Now that we have the counts per token and category, we calculate the chi square values and sort
the values to filter for the top 75 tokens per category.

In [None]:
top75_tokens_per_category: RDD = category_counts_per_token \
        .flatMap(lambda cur_category_counts: calculate_chi_square_per_token(cur_category_counts, category_counts, reviews_cnt)) \
        .groupByKey().mapValues(list) \
        .mapValues(lambda val: sorted(val, key=lambda val: val[1])[:-75:-1]) \
        .sortByKey()

Prepare the job result by concenating all tokens to a list of all top tokens 
and convert the lists to strings for printing.

In [None]:
top75_tokens_str = "\n".join(
        top75_tokens_per_category.map(lambda el: printable_category(el[0], el[1])).collect())

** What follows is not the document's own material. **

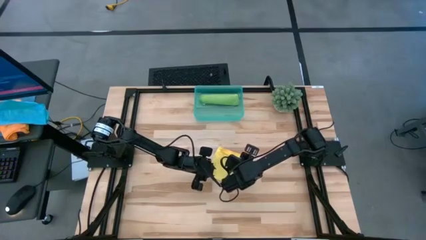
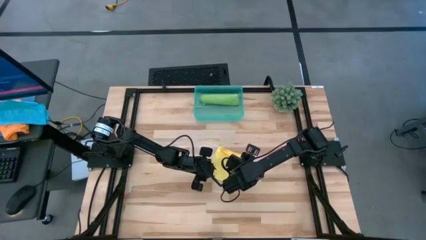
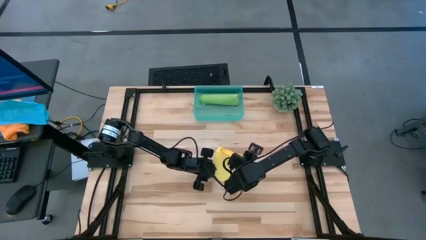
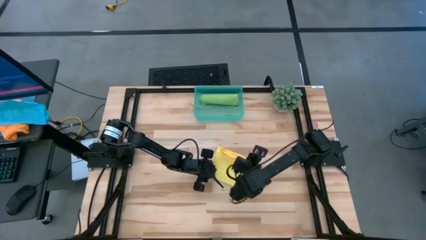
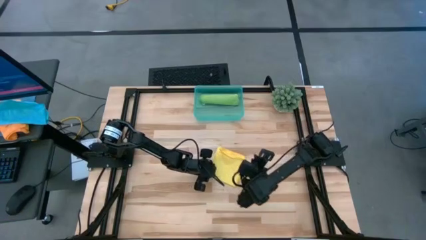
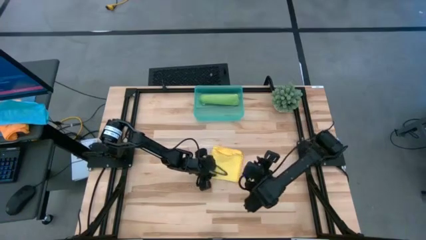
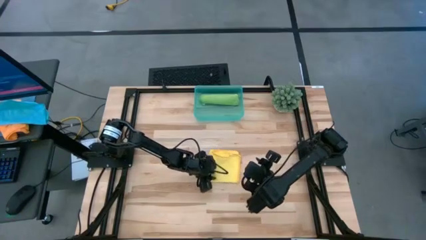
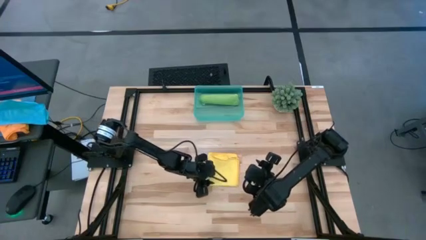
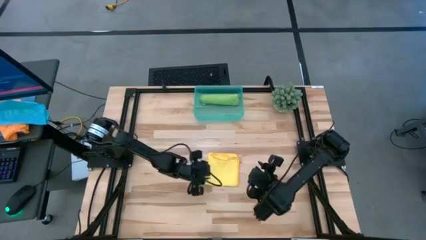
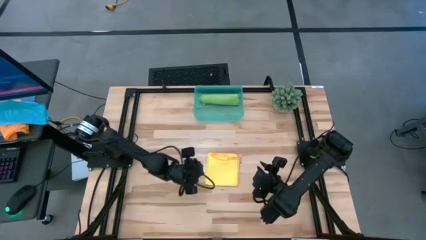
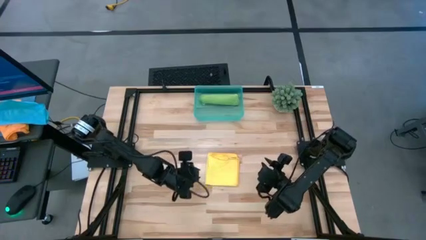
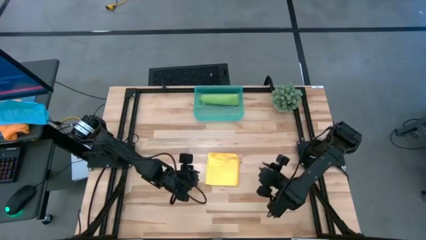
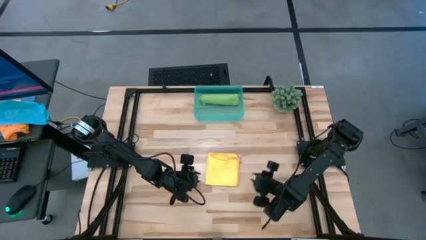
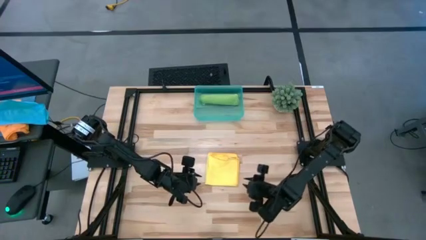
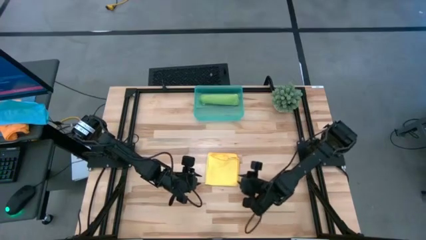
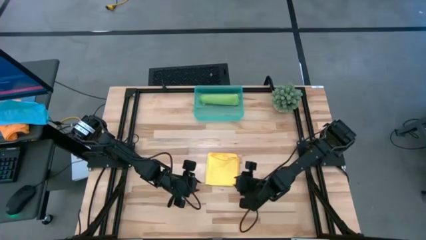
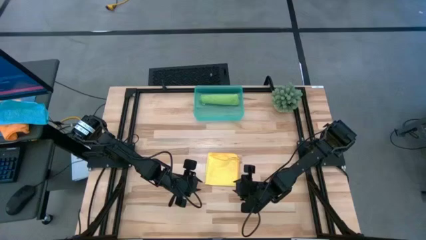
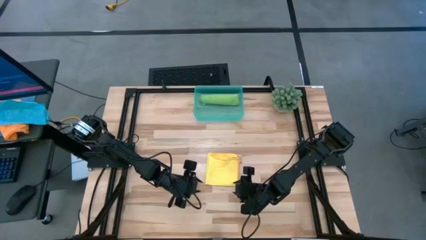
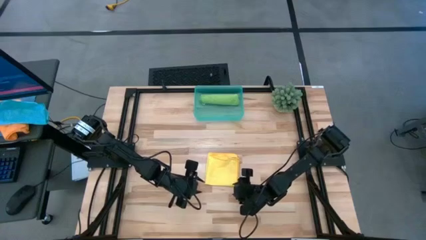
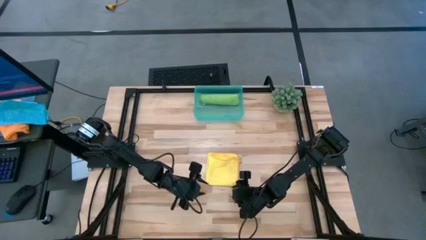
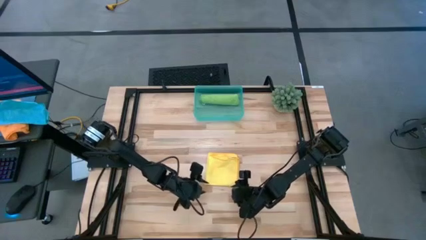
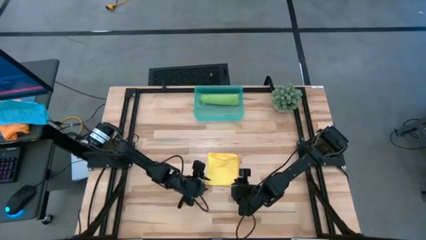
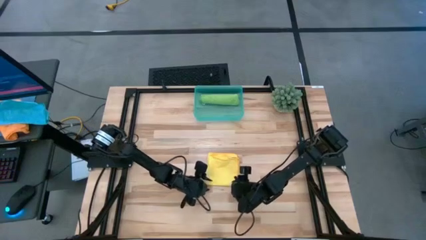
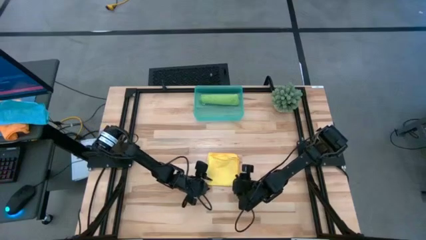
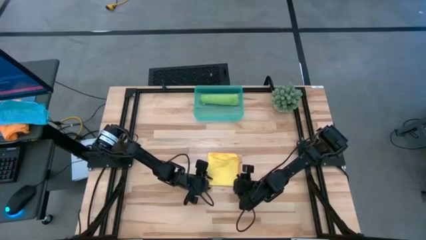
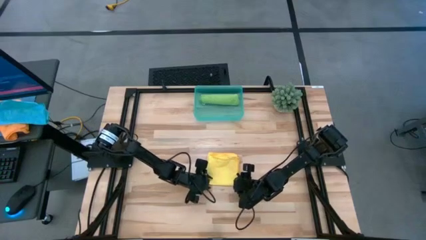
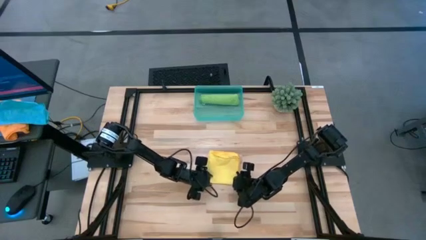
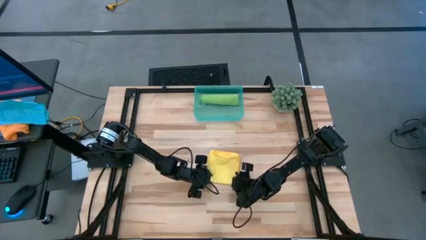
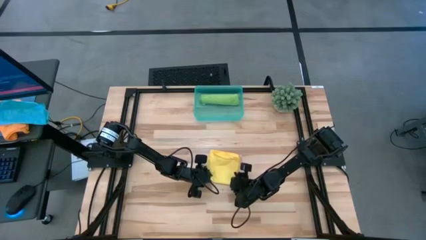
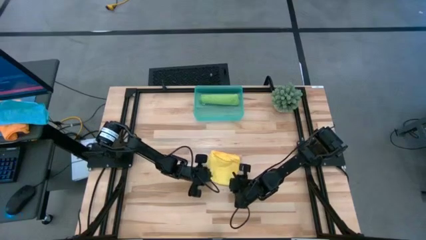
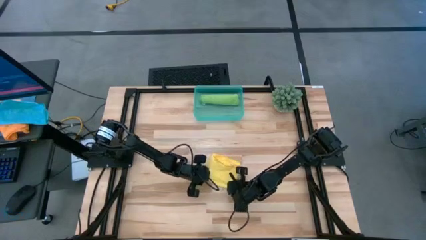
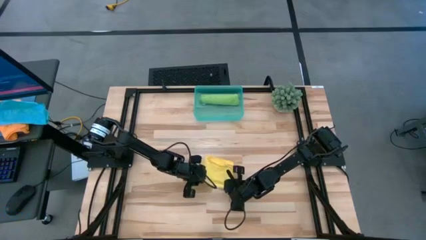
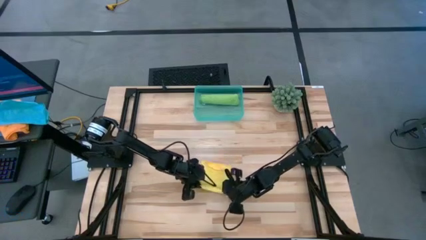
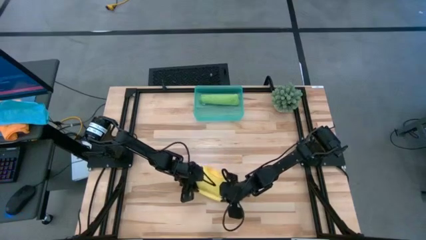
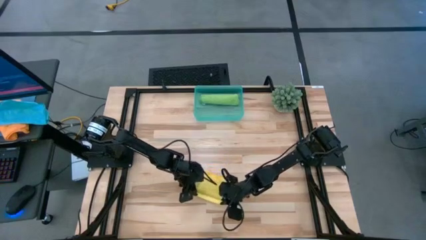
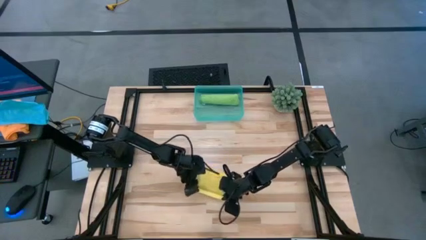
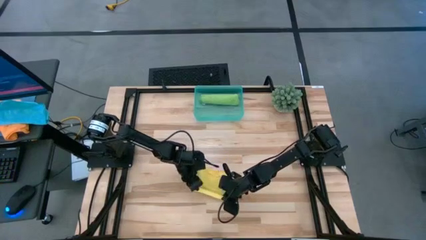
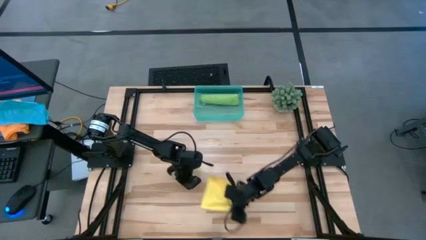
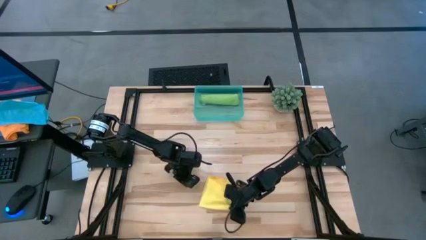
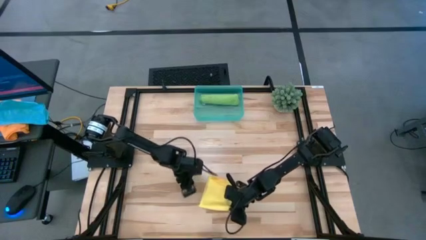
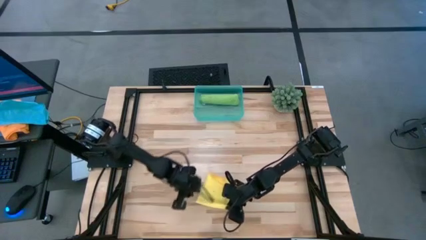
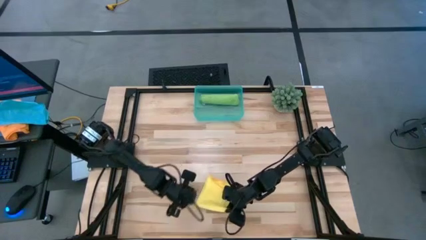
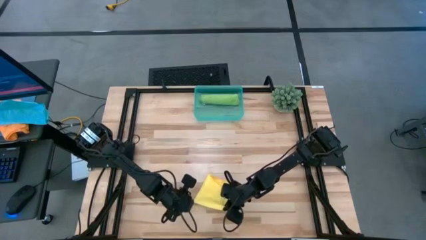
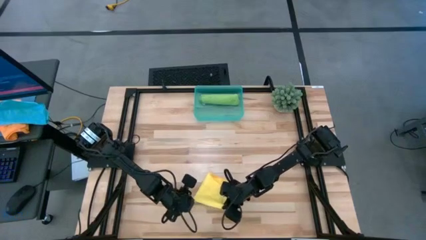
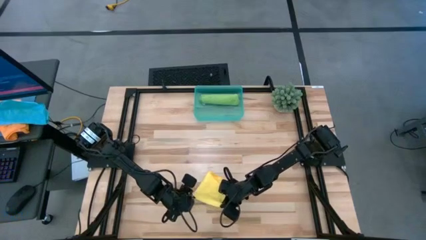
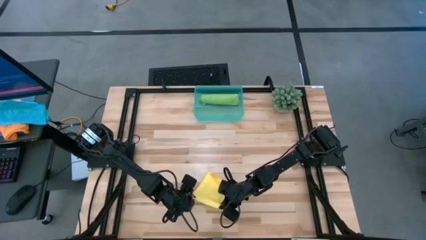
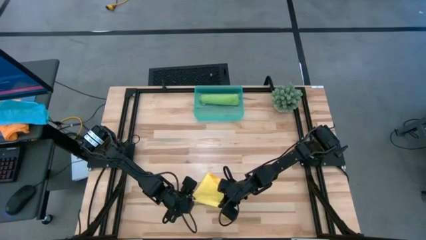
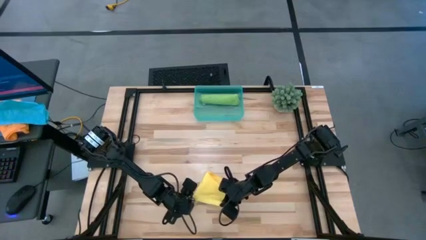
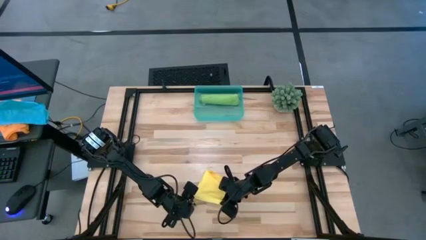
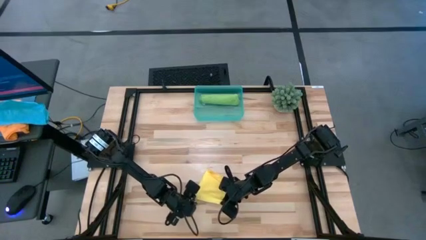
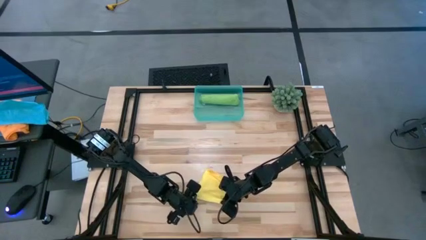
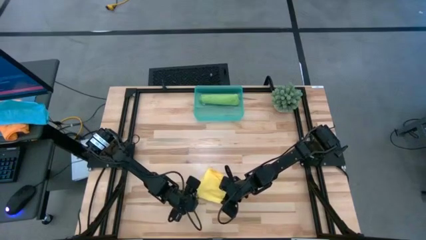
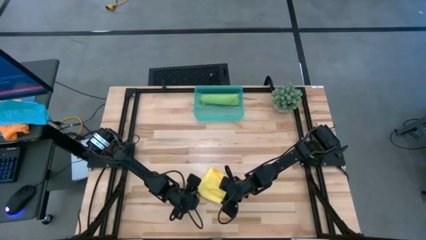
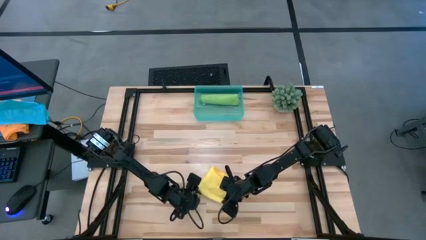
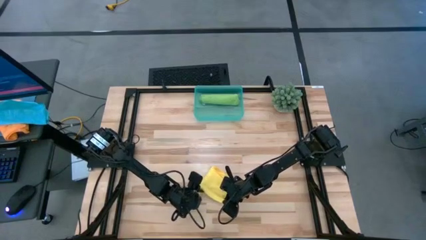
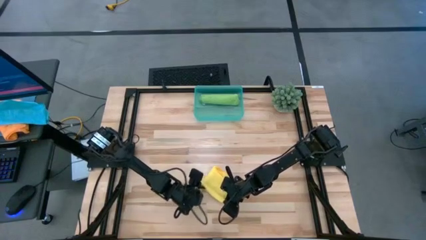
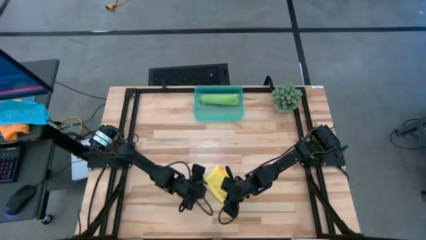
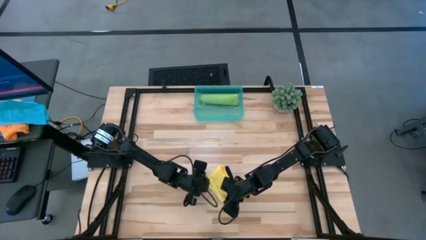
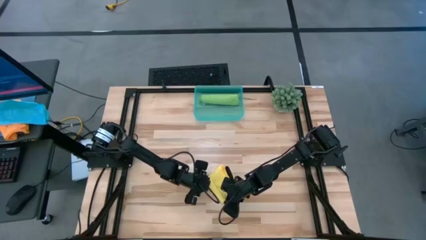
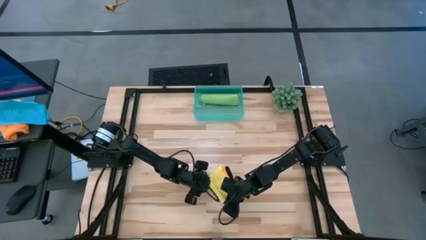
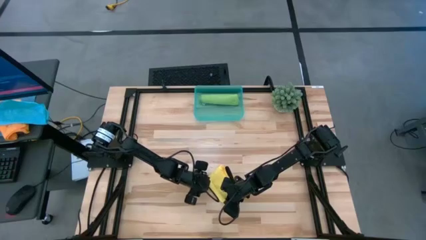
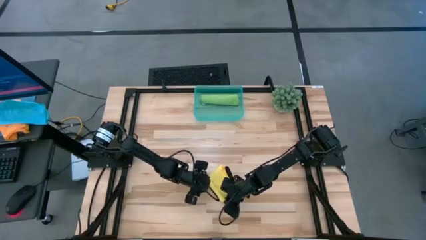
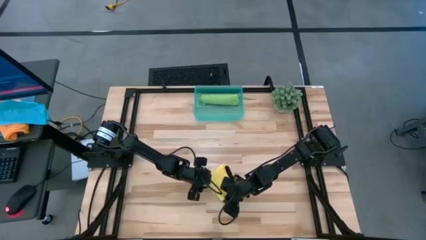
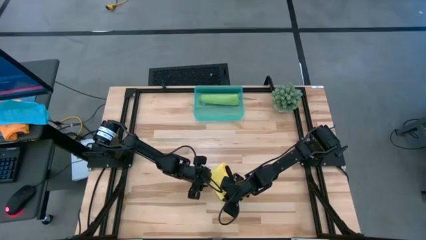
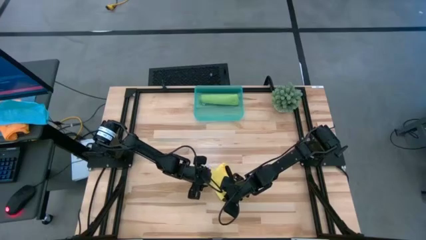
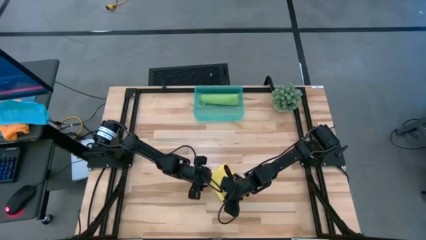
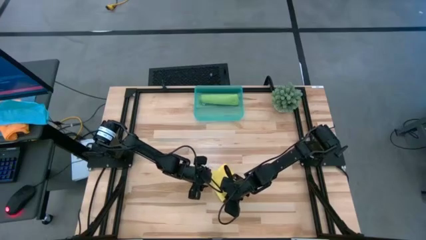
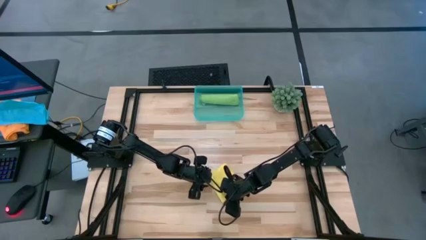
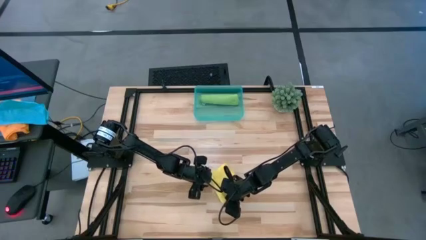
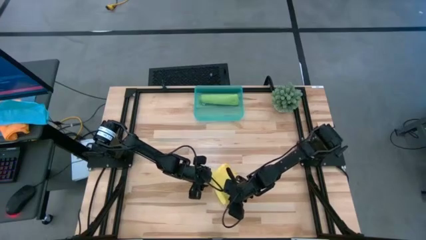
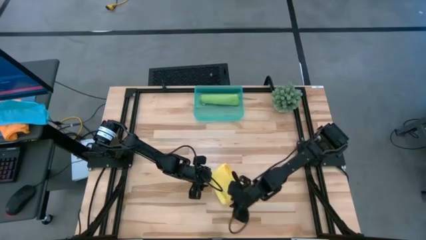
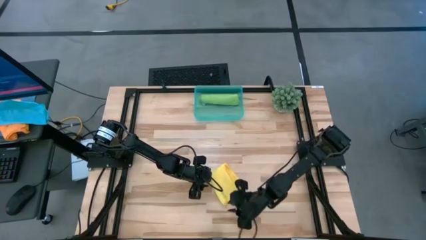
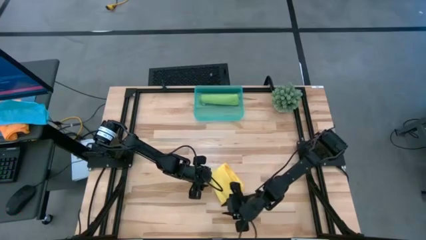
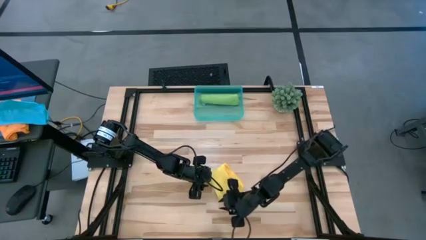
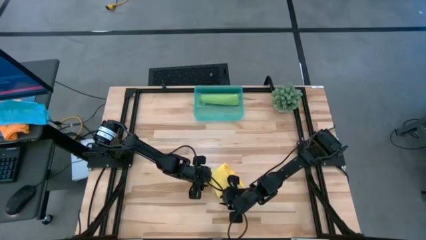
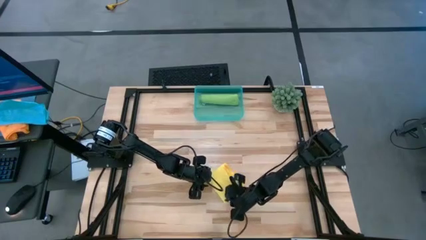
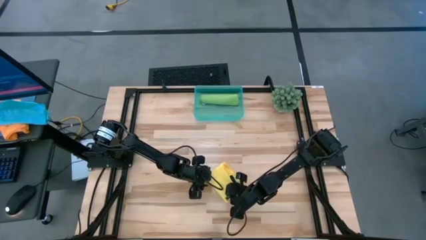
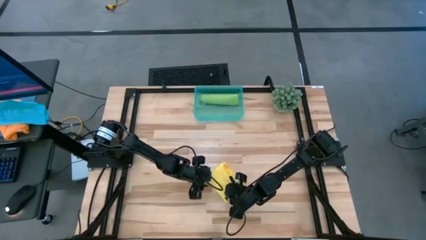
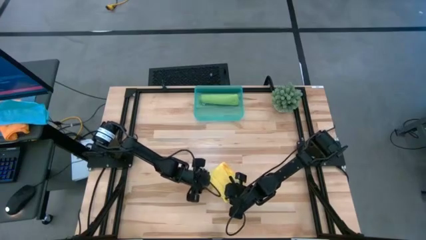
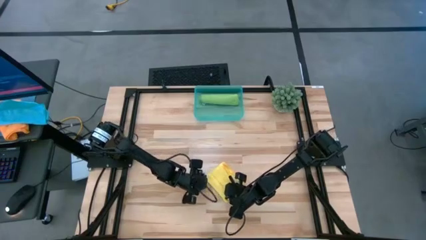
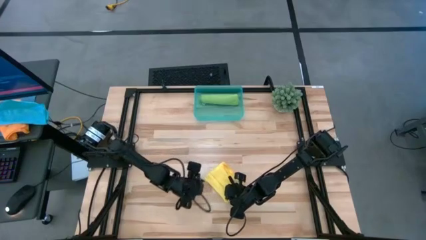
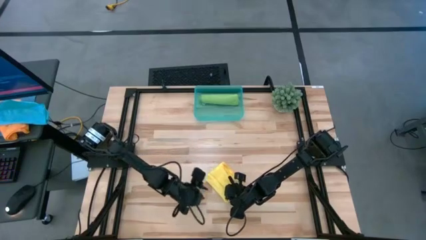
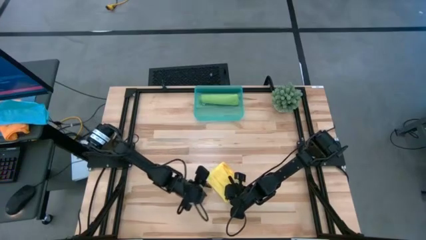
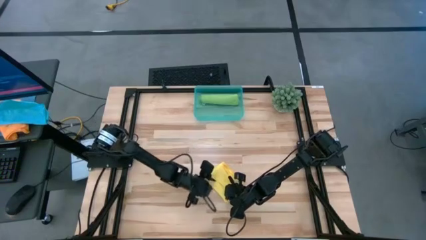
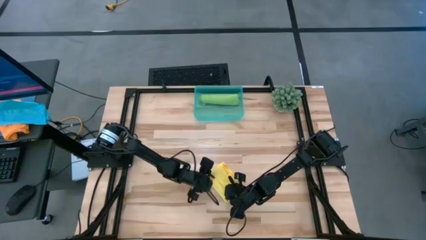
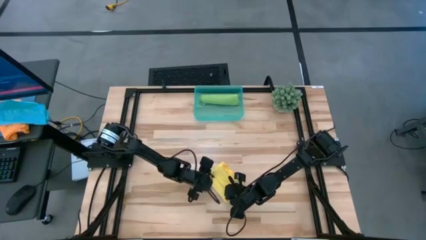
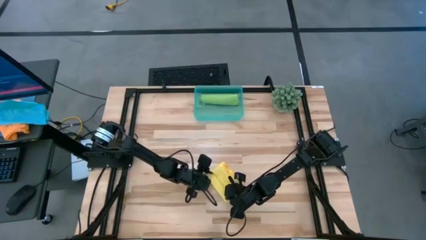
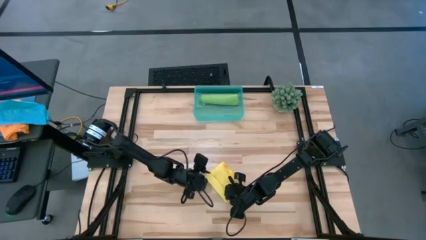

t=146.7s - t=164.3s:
Task: Roll microfiber towels into tight, uniform cylinder then place into a basket
Roll the yellow towel

top_tokens: list[str] = top75_tokens_per_category \
        .flatMap(lambda el: [tup[0] for tup in el[1]]) \
        .distinct() \
        .sortBy(lambda el: el).collect()
top_tokens_str = " ".join(top_tokens)

result = top_tokens_str + '\n' + top75_tokens_str
result

Write the result to a file.

In [None]:
with open(BASE_PATH / "output_rdd.txt", "w") as file:
    file.writelines(result)

# Example 2: DataFrames: Spark ML & Pipelines


In [None]:
reviews_df = spark.read.json(str(reviews_location))
reviews_df.head()

In [None]:
tokenizer = RegexTokenizer(
    minTokenLength=2,
    pattern="[\s\d\(\)\[\]{}\.!\?,;:\+=\-_\"'`~#@&\*%€\$§\\\/]",
    inputCol="reviewText",
    outputCol="tokens",
)
stopwords_remover = StopWordsRemover(
    inputCol=tokenizer.getOutputCol(), outputCol="stopWordsFiltered"
)
indexer = StringIndexer(
    inputCol="category",
    outputCol="indexedCategory"
)
hashingTF = HashingTF(inputCol=stopwords_remover.getOutputCol(), outputCol="TF")
idf = IDF(inputCol=hashingTF.getOutputCol(), outputCol="TFIDF")
chiSqSelector = ChiSqSelector(
    numTopFeatures=2000,
    featuresCol=idf.getOutputCol(),
    labelCol=indexer.getOutputCol(),
    outputCol="chiSq",
)

In [None]:
pipeline = Pipeline(
    stages=[
        tokenizer,
        stopwords_remover,
        indexer,
        hashingTF,
        idf,
        chiSqSelector
    ]
)

model = pipeline.fit(reviews_df)
tokenized = model.transform(reviews_df)

tokenized.head(n=10)